━━ GIVEN ENTRIES ━━

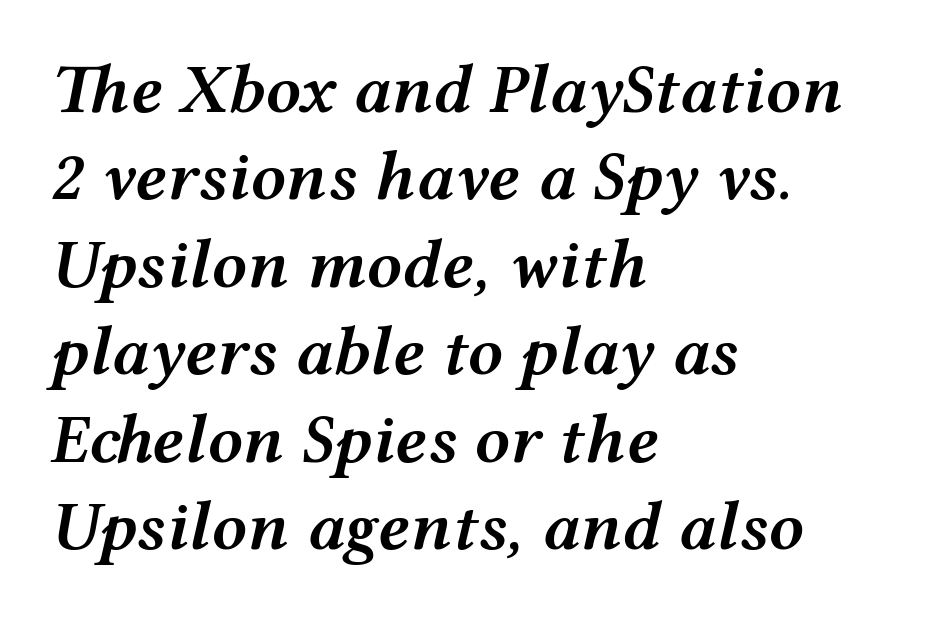
Q: Is the text bold? A: Semi-bold.
Q: Is the text italic (slanted)? A: Yes, it leans right by about 12 degrees.
Q: Is the text underlined? A: No.
Q: How is the paragraph aligned? A: Left-aligned.
Q: Is the spacing between letters normal or unusually wide? A: Normal.
Q: Is the spacing between lines tight, normal or loose? A: Normal.
Q: Width (condensed, normal, or wide)? A: Wide.
Q: Stroke contrast? A: Medium.
Q: x-height? A: Medium.
Q: Monospaced? A: No.
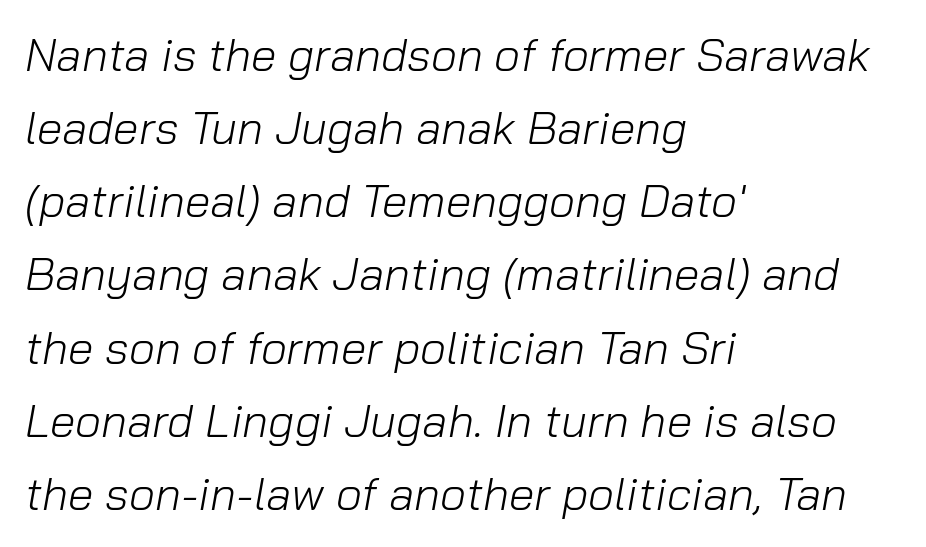
You can tell it's italic because the verticals aren't actually vertical. There is no visible air inserted between adjacent glyphs. Clear beneath every line of the passage. The letters advance in unequal steps, a hallmark of proportional type. Regular leading.
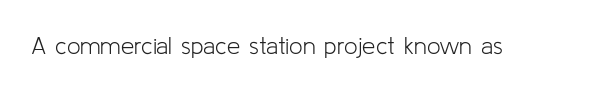
Only glyphs here, with clear space below each row. Notice how the stems are strictly vertical — no italics here. Between one letter and the next there's only the usual sliver of space. Is this a heavy cut? Hardly; it is regular or lighter.
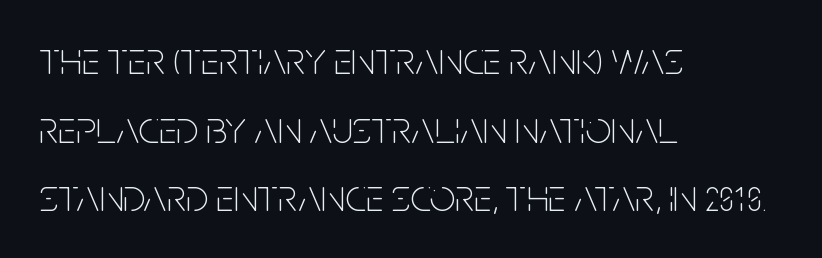
{"serif": "no", "italic": "no", "bold": "no", "weight": "thin", "width": "condensed", "stroke_contrast": "low", "x_height": "large", "monospaced": "no", "underline": "no", "align": "left", "line_spacing": "normal", "line_spacing_ratio": 1.49, "letter_spacing": "normal", "letter_spacing_em": 0.0, "glyph_px": 46}
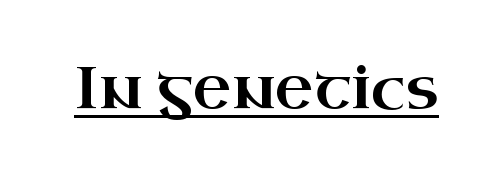
Q: Is the text italic (slanted)? A: No, it is upright.
Q: Is the typeface a serif or a sans-serif typeface? A: Serif.
Q: Is the text underlined? A: Yes.
Q: Is the spacing between letters normal or unusually wide? A: Normal.
Q: Width (condensed, normal, or wide)? A: Wide.
Q: Stroke contrast? A: High.
Q: x-height? A: Small.
Q: Monospaced? A: No.
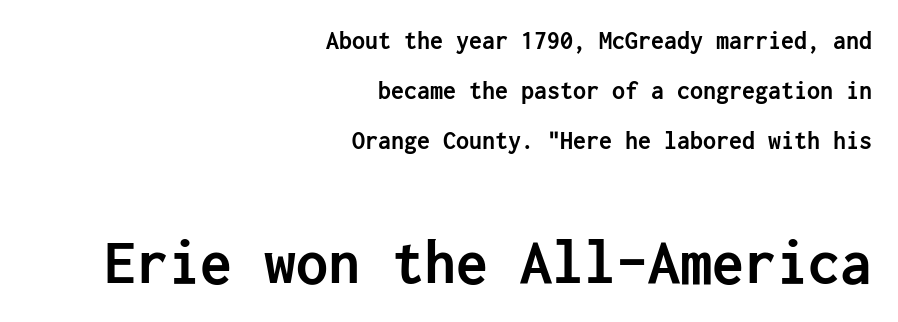
The image shows 64 px semibold sans-serif type, upright; set right-aligned, loose line spacing (1.93x), normal letter spacing, not underlined; the second (bottom) block is 2.46x larger; low stroke contrast and a medium x-height.
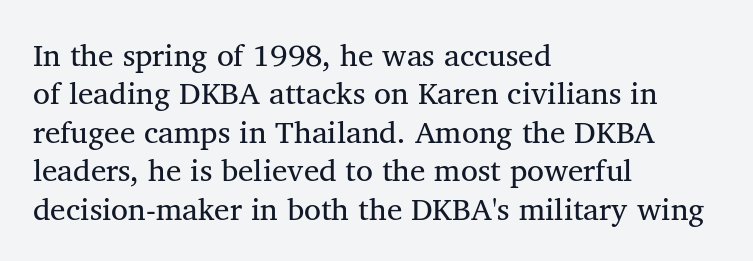
Stems and bowls with no extra thickness — not bold. Only glyphs here, with clear space below each row. These lines are set flush left with a ragged right edge. What kind of face is this? One with serifs. Here the glyphs are tracked normally, forming tight word shapes. Is this a fixed-width face? No — the glyphs have proportional, varying widths.
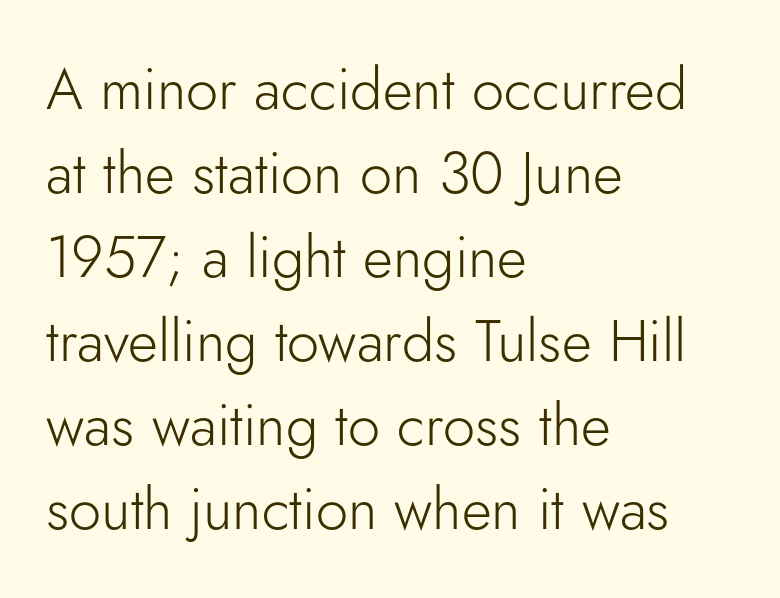
Q: Is the text bold? A: No.
Q: Is the text italic (slanted)? A: No, it is upright.
Q: Is the typeface a serif or a sans-serif typeface? A: Sans-serif.
Q: Is the text underlined? A: No.
Q: How is the paragraph aligned? A: Left-aligned.
Q: Is the spacing between letters normal or unusually wide? A: Normal.
Q: Is the spacing between lines tight, normal or loose? A: Normal.
Q: Width (condensed, normal, or wide)? A: Normal.
Q: Stroke contrast? A: Low.
Q: x-height? A: Small.
Q: Monospaced? A: No.
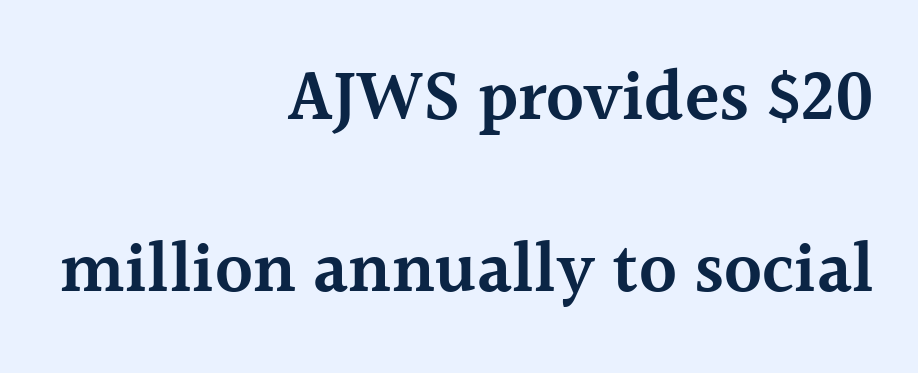
Q: Is the text bold? A: Semi-bold.
Q: Is the text italic (slanted)? A: No, it is upright.
Q: Is the typeface a serif or a sans-serif typeface? A: Serif.
Q: Is the text underlined? A: No.
Q: How is the paragraph aligned? A: Right-aligned.
Q: Is the spacing between letters normal or unusually wide? A: Normal.
Q: Is the spacing between lines tight, normal or loose? A: Loose.
Q: Width (condensed, normal, or wide)? A: Normal.
Q: x-height? A: Medium.
Q: Monospaced? A: No.
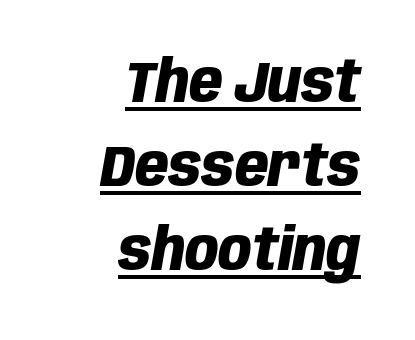
{"italic": "yes", "lean": "right", "slant_degrees": 10, "bold": "yes", "weight": "heavy", "width": "condensed", "stroke_contrast": "low", "x_height": "large", "monospaced": "no", "underline": "yes", "align": "right", "line_spacing": "normal", "line_spacing_ratio": 1.45, "letter_spacing": "normal", "letter_spacing_em": 0.0, "glyph_px": 58}
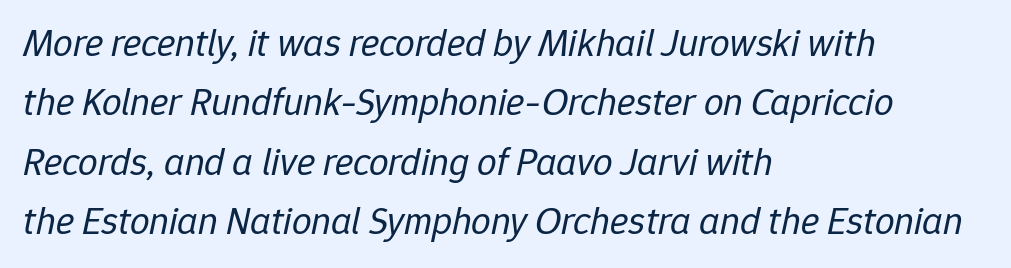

━━━

### EXERCISE DIRECTIONS
When you copy the entries, keep every word exactly as it stands and drop any pictures.

### EXERCISE ANSWER
Q: Is the text bold? A: Semi-bold.
Q: Is the text italic (slanted)? A: Yes, it leans right by about 12 degrees.
Q: Is the text underlined? A: No.
Q: How is the paragraph aligned? A: Left-aligned.
Q: Is the spacing between letters normal or unusually wide? A: Normal.
Q: Is the spacing between lines tight, normal or loose? A: Normal.
Q: Width (condensed, normal, or wide)? A: Wide.
Q: Stroke contrast? A: Medium.
Q: x-height? A: Medium.
Q: Monospaced? A: No.
You can tell it's italic because the verticals aren't actually vertical. There is no visible air inserted between adjacent glyphs. Clear beneath every line of the passage. The letters advance in unequal steps, a hallmark of proportional type. Regular leading.
Only glyphs here, with clear space below each row. Notice how the stems are strictly vertical — no italics here. Between one letter and the next there's only the usual sliver of space. Is this a heavy cut? Hardly; it is regular or lighter.
{"serif": "no", "italic": "no", "bold": "no", "weight": "thin", "width": "condensed", "stroke_contrast": "low", "x_height": "large", "monospaced": "no", "underline": "no", "align": "left", "line_spacing": "normal", "line_spacing_ratio": 1.49, "letter_spacing": "normal", "letter_spacing_em": 0.0, "glyph_px": 46}
Q: Is the text italic (slanted)? A: No, it is upright.
Q: Is the typeface a serif or a sans-serif typeface? A: Serif.
Q: Is the text underlined? A: Yes.
Q: Is the spacing between letters normal or unusually wide? A: Normal.
Q: Width (condensed, normal, or wide)? A: Wide.
Q: Stroke contrast? A: High.
Q: x-height? A: Small.
Q: Monospaced? A: No.
The image shows 64 px semibold sans-serif type, upright; set right-aligned, loose line spacing (1.93x), normal letter spacing, not underlined; the second (bottom) block is 2.46x larger; low stroke contrast and a medium x-height.
Stems and bowls with no extra thickness — not bold. Only glyphs here, with clear space below each row. These lines are set flush left with a ragged right edge. What kind of face is this? One with serifs. Here the glyphs are tracked normally, forming tight word shapes. Is this a fixed-width face? No — the glyphs have proportional, varying widths.
Q: Is the text bold? A: No.
Q: Is the text italic (slanted)? A: No, it is upright.
Q: Is the typeface a serif or a sans-serif typeface? A: Sans-serif.
Q: Is the text underlined? A: No.
Q: How is the paragraph aligned? A: Left-aligned.
Q: Is the spacing between letters normal or unusually wide? A: Normal.
Q: Is the spacing between lines tight, normal or loose? A: Normal.
Q: Width (condensed, normal, or wide)? A: Normal.
Q: Stroke contrast? A: Low.
Q: x-height? A: Small.
Q: Monospaced? A: No.
Q: Is the text bold? A: Semi-bold.
Q: Is the text italic (slanted)? A: No, it is upright.
Q: Is the typeface a serif or a sans-serif typeface? A: Serif.
Q: Is the text underlined? A: No.
Q: How is the paragraph aligned? A: Right-aligned.
Q: Is the spacing between letters normal or unusually wide? A: Normal.
Q: Is the spacing between lines tight, normal or loose? A: Loose.
Q: Width (condensed, normal, or wide)? A: Normal.
Q: x-height? A: Medium.
Q: Monospaced? A: No.
{"italic": "yes", "lean": "right", "slant_degrees": 10, "bold": "yes", "weight": "heavy", "width": "condensed", "stroke_contrast": "low", "x_height": "large", "monospaced": "no", "underline": "yes", "align": "right", "line_spacing": "normal", "line_spacing_ratio": 1.45, "letter_spacing": "normal", "letter_spacing_em": 0.0, "glyph_px": 58}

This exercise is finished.